Legal Terminology for Disposal

The general legal definition of "disposal" within the context of secondary materials is the action of discarding or emplacing the secondary material. In many cases, disposal is implied where the secondary material is discarded in any manner other than recycling, reuse, or reclamation. As such, in the context of EPA’s hazardous substance programs, disposal implicates the term "waste."
Disposal has the following definition in several different legal systems:
United States (RCRA) "Disposal" includes, but is not limited to burning or incineration, landfilling, placing on the land, including but not limited to underground injection or land application, recycling, treatment prior to recycling, and treatment prior to or in lieu of disposal. 40 C.F.R. §261.2; 55 Fed.Reg. 22640, 22655 (June 3 , 1990).
Malaysia (Customs) "Disposal" means to send out of, deliver out of, or to personally deal with any good by way of exercise of the right of ownership or part with possession or intercession thereof outside Malaysia. Act 25/1988: Customs Act 1976, Art. 2.
New Zealand (Hazardous Substances & New Organisms) Disposal means … (a) to deposit anything into or onto land or water; or (b) to allow anything to remain in or on land or waters; or (c) to discharge anything to air; and to dispose of has a corresponding meaning. Hazardous Substances & New Organisms Act 1996 §2.
Korea (Solvent Management Act) "Disposal" means a transfer to a site or furnace for incineration, landfill, recycling, or any other act of discarding or emplacing the waste into the environment or otherwise making it unusable. Law No. 7118 (1995), Article 2, item 9.

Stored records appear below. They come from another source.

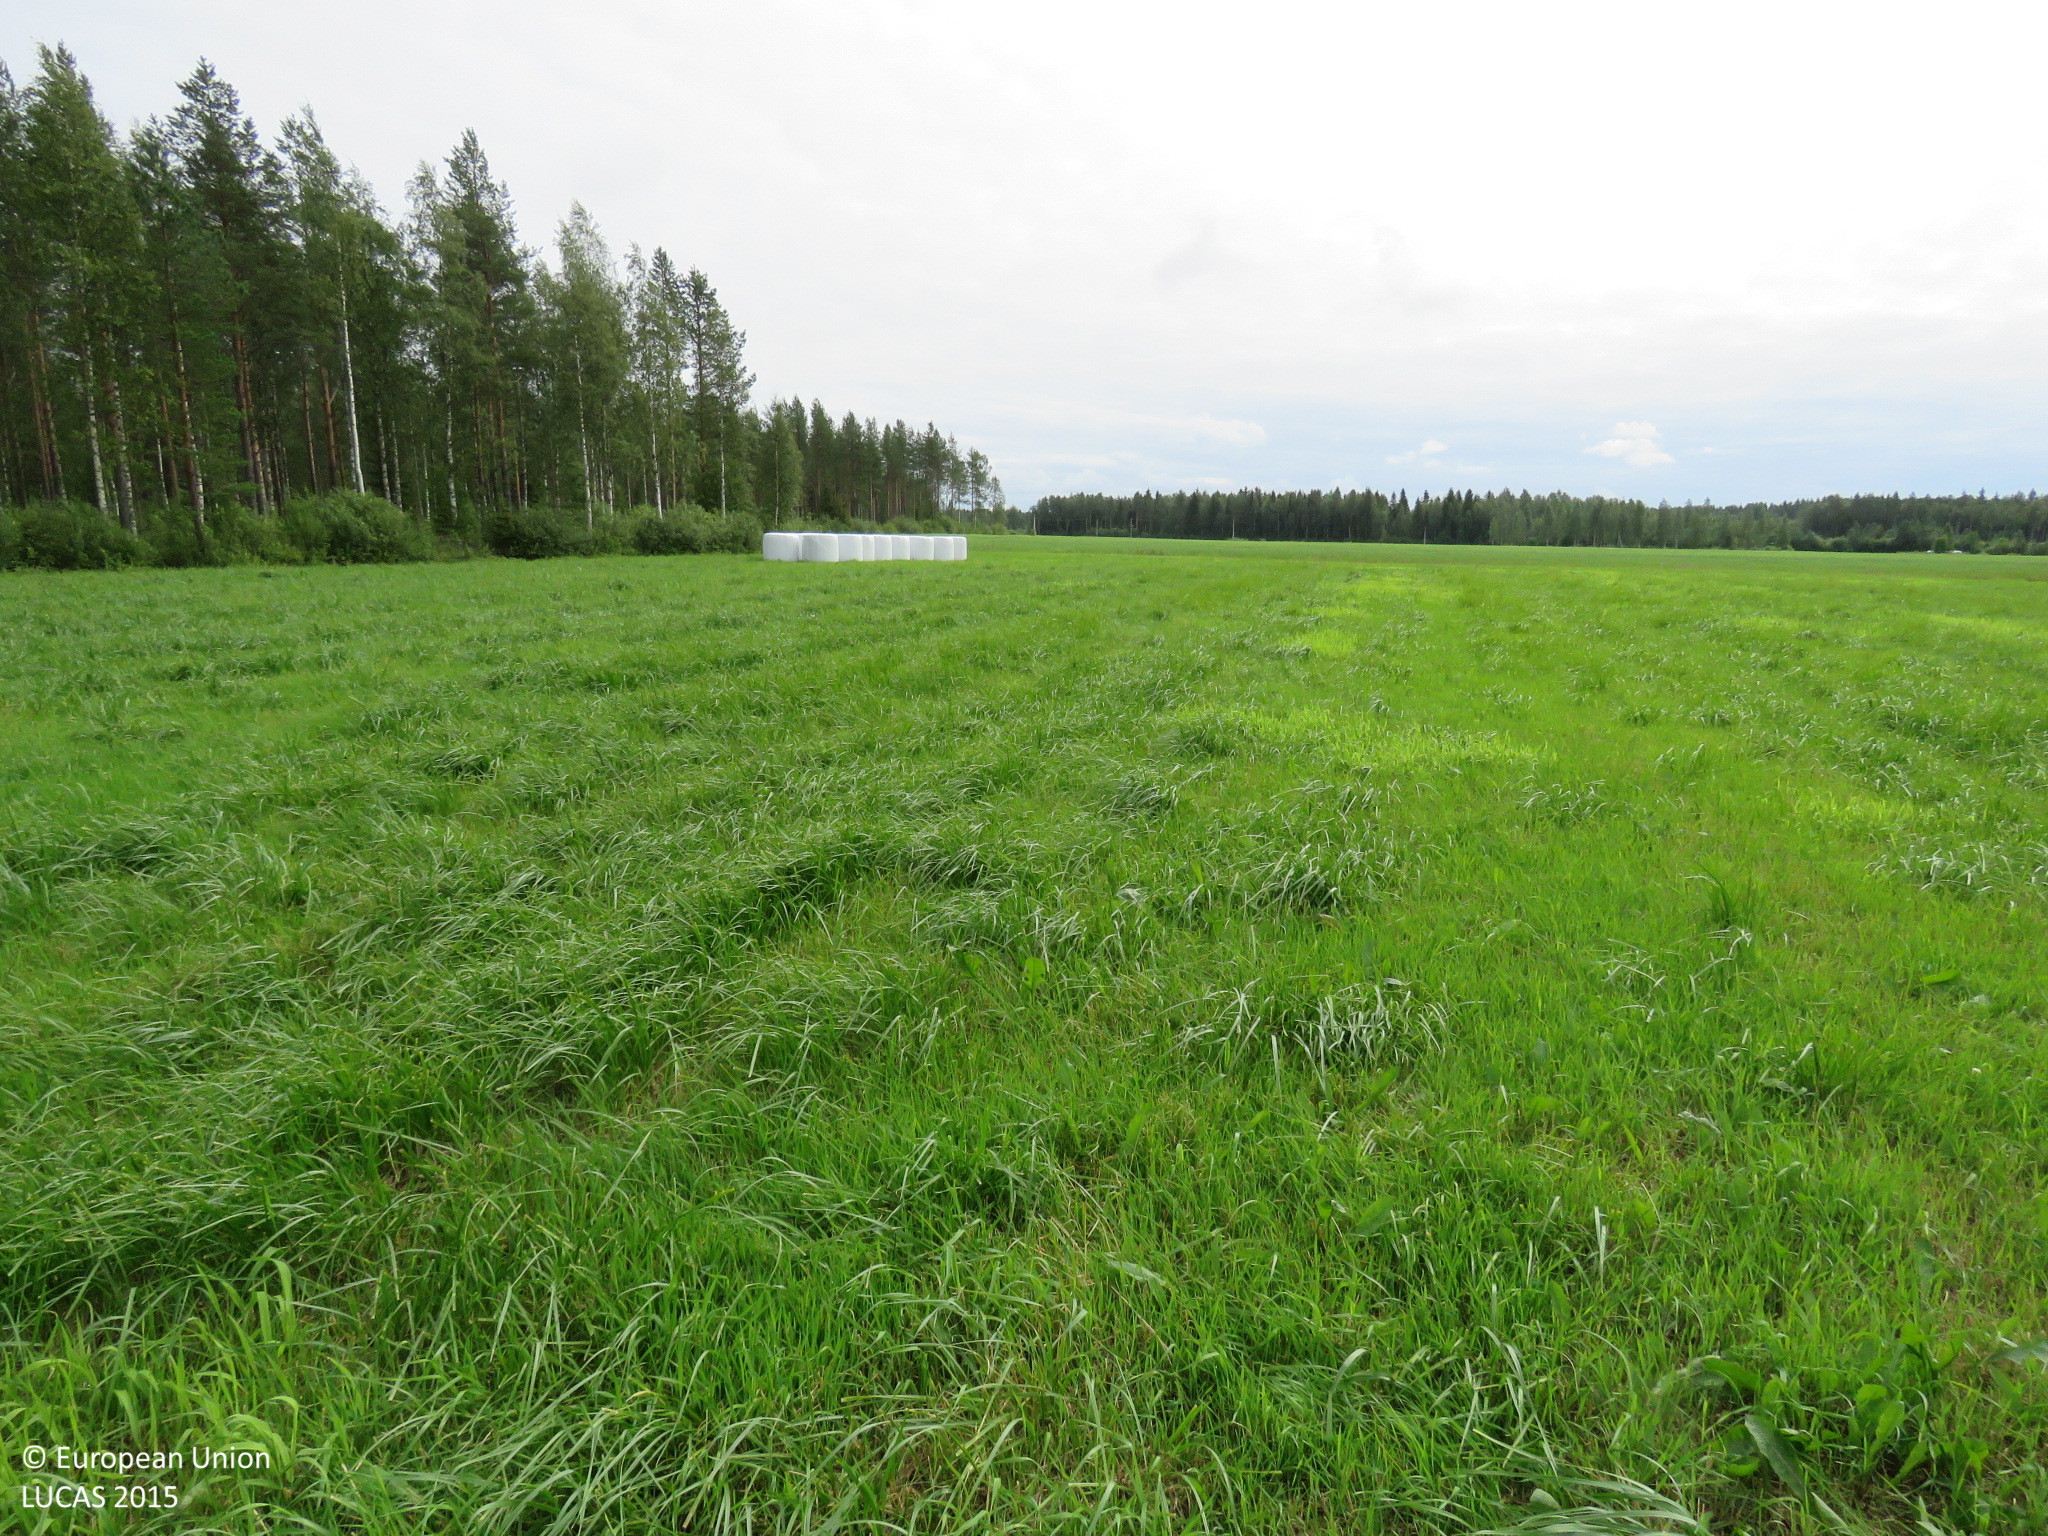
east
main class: Cropland
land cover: Temporary grasslands
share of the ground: > 75 %
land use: Agriculture (excluding fallow land and kitchen gardens)
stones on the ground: < 10 %
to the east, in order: Temporary grasslands; Ditches and canals; Abandoned hedges; Pine dominated mixed woodland; Shruby margins; Ditches and canals; Grass margins; Tracks; Grass margins; Ditches and canals; Barley; Grass margins; Ditches and canals; Shruby margins; Other mixed woodland; Pine dominated coniferous woodland; Ditches and canals; Other mixed woodland
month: July
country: FI
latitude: 64.6085
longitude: 26.7791

Meaning of Disposal under Property Law

The term "disposal" is generally understood to refer to the action of throwing or giving away items or wastes which have outlived their use. However, in the context of property law, "disposal" has a very specific meaning and can cover a number of different actions, including technically defined physical actions such as selling, letting, assigning, granting, relinquishing or surrendering an interest in property (whether freehold, leasehold or by way of licence).
In property law, the broad meaning of disposal is narrowed and "disposal" is used to encompass the more narrow sense of the voluntary act of parting with property, including transferring ownership or taking some other definitive action that removes all rights of the disposing party.
In the context of retail property leasing, a "disposal" can arise on one of two occasions, either:

1. Upon a sublease or assignment.
2. Upon the grant or surrender of a new tenancy.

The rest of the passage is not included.